At Equifax, a Category 5 data breach endangers consumers
As if it weren’t bad enough that Equifax exposed sensitive financial data of nearly half of all Americans to cyber thieves, the credit bureau has bungled just about every attempt to remedy the mess.
In an epic breach discovered July 29, hackers got away with the Social Security numbers, birth dates and addresses of as many as 143 million Americans, putting them at serious risk of identity theft.
The company then waited almost six weeks to reveal the hack. Its inundated website has provided confusing and conflicting information. Its call centers have been too short of agents to answer the deluge of calls. Its major remedies — a credit freeze and free one-year credit monitoring — won’t fully protect vulnerable consumers.
And, initially, it looked as if anyone who signed up for credit monitoring was, under a clause in the fine print, giving up the right to sue over the breach. (More than 20 class action lawsuits have been filed.) Only after a social media outcry did Equifax fix that problem.
Oh, and there’s this: Three senior executives sold shares worth nearly $1.8 million days after the breach was discovered and weeks before it was made public, when the stock tanked. A spokesman said the three did not know about the breach.

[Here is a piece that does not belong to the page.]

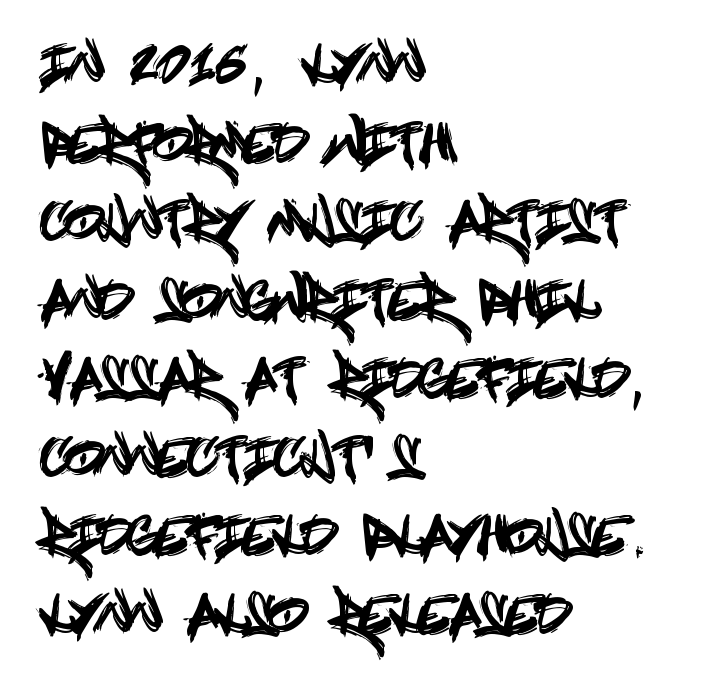
{"serif": "no", "width": "condensed", "x_height": "large", "underline": "no", "align": "left", "line_spacing": "normal", "line_spacing_ratio": 1.51, "letter_spacing": "normal", "letter_spacing_em": 0.0, "glyph_px": 52}
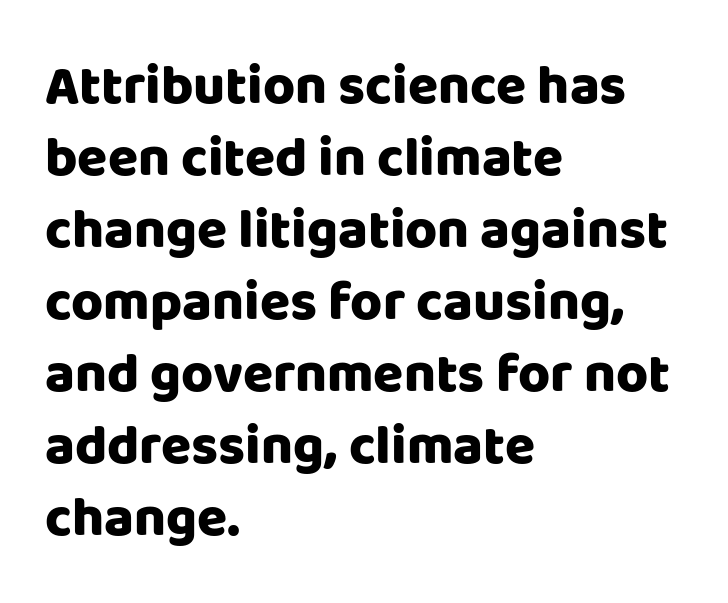
{"serif": "no", "italic": "no", "bold": "yes", "weight": "heavy", "width": "normal", "stroke_contrast": "low", "x_height": "large", "monospaced": "no", "underline": "no", "align": "left", "line_spacing": "normal", "line_spacing_ratio": 1.31, "letter_spacing": "normal", "letter_spacing_em": 0.0, "glyph_px": 55}

If that’s true, you have to wonder about a company whose chief financial officer and president of information services aren’t told immediately about one of the gravest commercial data breaches in U.S. history.

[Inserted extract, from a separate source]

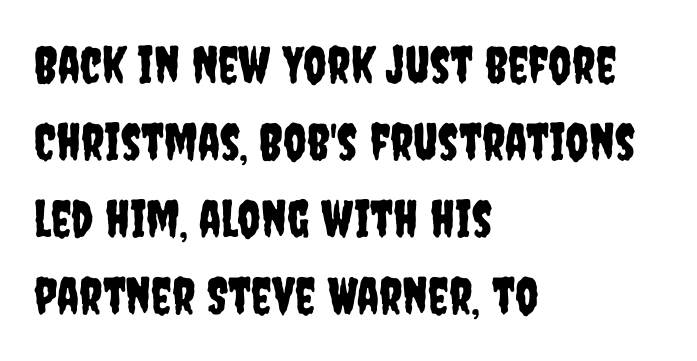
The image shows 51 px condensed sans-serif type, upright; set left-aligned, normal line spacing (1.51x), normal letter spacing, not underlined; low stroke contrast and a large x-height.

It’s hard to give Equifax the benefit of the doubt, considering that the credit reporting agencies don’t give you the benefit of the doubt if you paid your mortgage late one month five years ago because your kid was in the hospital. Nope, that’s just a black mark on your credit scores, which affect your ability to secure a loan, get a job, or rent an apartment.
Though news of Equifax’s breach was overshadowed by Hurricane Irma, the impact is hard to overstate. A breach at one of the nation’s three major credit bureaus is far more dangerous than the typical retail credit card breach.

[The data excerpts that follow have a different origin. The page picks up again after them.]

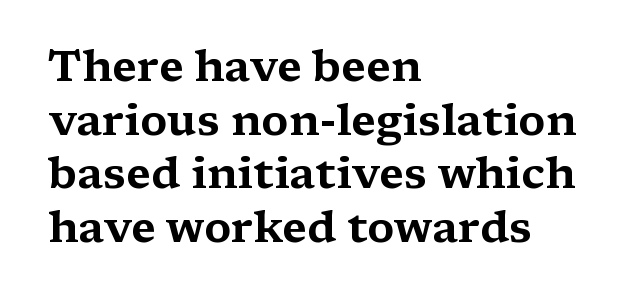
{"serif": "yes", "italic": "no", "width": "wide", "stroke_contrast": "medium", "x_height": "medium", "monospaced": "no", "underline": "no", "align": "left", "line_spacing_ratio": 1.22, "letter_spacing": "normal", "letter_spacing_em": 0.0, "glyph_px": 44}
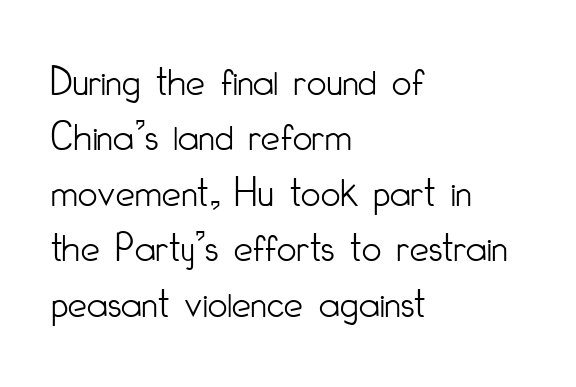
Q: Is the text bold? A: No.
Q: Is the text italic (slanted)? A: No, it is upright.
Q: Is the typeface a serif or a sans-serif typeface? A: Sans-serif.
Q: Is the text underlined? A: No.
Q: How is the paragraph aligned? A: Left-aligned.
Q: Is the spacing between letters normal or unusually wide? A: Normal.
Q: Is the spacing between lines tight, normal or loose? A: Normal.
Q: Width (condensed, normal, or wide)? A: Condensed.
Q: Stroke contrast? A: Low.
Q: x-height? A: Small.
Q: Monospaced? A: No.

It’s easy enough to get a new credit card, but you can’t change your birth date or easily get a new Social Security number. Armed with these data, thieves could open credit cards or bank accounts in your name that you know nothing about. Or try to file a false tax return and make off with the refund.
Because this information has no expiration date, a thief could hold onto it and strike many years down the road. Yet with so much at stake, Equifax was inept at protecting the data it compiles about you and just as clumsy at trying to help customers.
Credit bureaus are supposed to safeguard information, but no government agency has authority to go in and review their security practices. Tighter federal oversight of the bureaus is needed. States could help by ensuring that credit freezes are free; seven states already do.
Equifax’s business is based on harvesting sensitive financial data about you. The company has proved it can’t fully protect that data. Now it needs to prove that it can at least do a better job of protecting millions of people from the damage that its ineptitude unleashed.